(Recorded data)
---------------

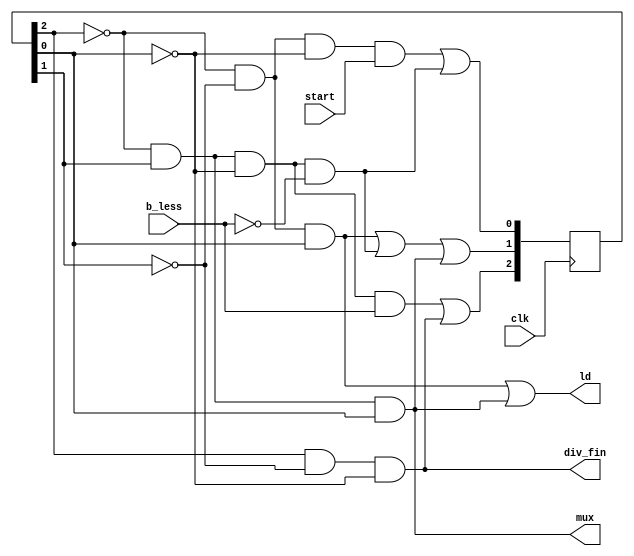
module DIV_control(ld, mux, div_fin, start, b_less, clk);
input start, b_less, clk;
output ld, mux, div_fin;
reg [2:0] R;
wire [2:0] N;

wire wAnd6, wAnd9;	//n2
wire wAnd3, wAnd5, wAnd7; //n1
wire wAnd1;		//n0

and(wAnd6, ~R[2], R[1], ~R[0], b_less);
and(wAnd9, R[2], ~R[1], ~R[0]);
or(N[2], wAnd6, wAnd9);

and(wAnd3, ~R[2], ~R[1], R[0]);
and(wAnd5, ~R[2], R[1], ~R[0], ~b_less);
and(wAnd7, ~R[2], R[1], R[0]); 
or(N[1], wAnd3, wAnd5, wAnd7);

and(wAnd1, ~R[2], ~R[1], ~R[0], start);
or(N[0], wAnd1, wAnd5);

or(ld, wAnd3, wAnd7);

or(mux, wAnd7, 1'b0);

or(div_fin, wAnd9, 1'b0);


initial begin
R = 3'b000;
end


always @ (posedge clk)
begin
R <= N;
end

endmodule
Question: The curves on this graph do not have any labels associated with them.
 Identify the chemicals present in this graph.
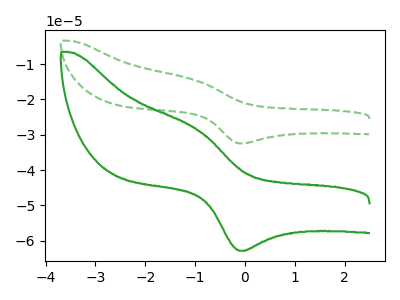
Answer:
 <answer>The green dashed curve does not have a label. The green curve does not have a label.</answer>
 <eval></eval>

---------------

# Required action
Print only the lines running from the one containing "always @ (posedge clk)" to the end of the data above, exactly; include no pictures.

# Written response
always @ (posedge clk)
begin
R <= N;
end

endmodule
Question: The curves on this graph do not have any labels associated with them.
 Identify the chemicals present in this graph.
Answer:
 <answer>The green dashed curve does not have a label. The green curve does not have a label.</answer>
 <eval></eval>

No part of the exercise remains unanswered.